Written by Johnathon Anderson, Ph.D., a research scientist, and Associate Professor at the University of California Davis School of Medicine 

Published by: Peptide Systems


Infographic summarizing the four generations of GLP-1 evolution: Exenatide (Pioneers), Semaglutide (Optimizers), Tirzepatide (Synergists), and Retatrutide (The Future).

Key Takeaways:

  • Generation 1 (The Pioneers): The discovery of Exenatide (Exendin-4) proved that "incretin mimetics" could survive enzymatic degradation, though they required daily dosing.
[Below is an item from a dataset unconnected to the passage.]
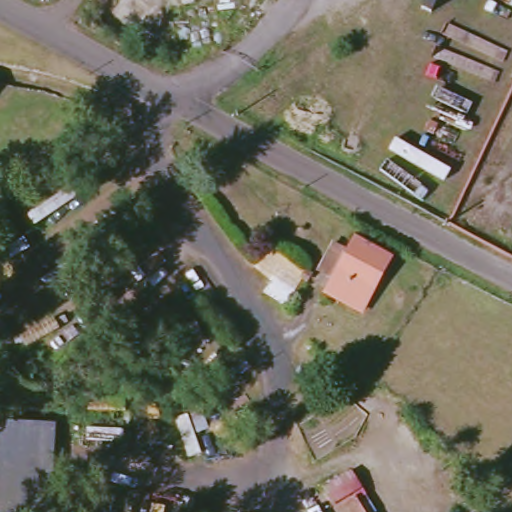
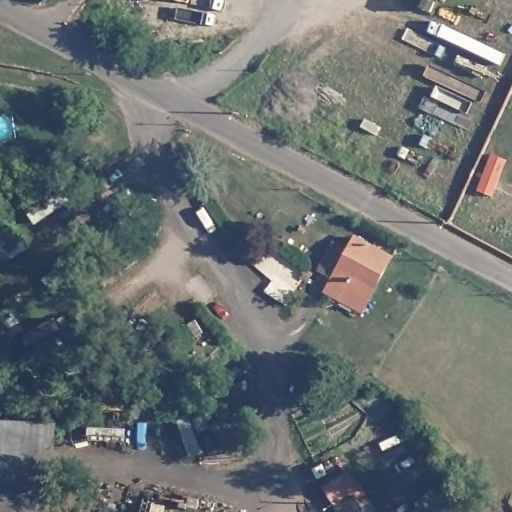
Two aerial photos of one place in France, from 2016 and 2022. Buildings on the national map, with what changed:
unchanged [(418,9),(427,14),(420,24),(412,19),(418,9)]
unchanged [(388,257),(360,309),(327,292),(357,240),(388,257)]
unchanged [(58,427),(46,512),(12,512),(0,510),(0,439),(2,422),(58,427)]
unchanged [(358,496),(369,512),(337,512),(358,496)]

  • Generation 2 (The Optimizers): Semaglutide introduced fatty-acid albumin binding, extending half-life to 165 hours and establishing the "Once-Weekly" standard.

  • Generation 3 (The Synergists): Tirzepatide broke the single-receptor ceiling by adding GIP agonism, leveraging the synergy of two pathways to improve efficacy while mitigating side effects.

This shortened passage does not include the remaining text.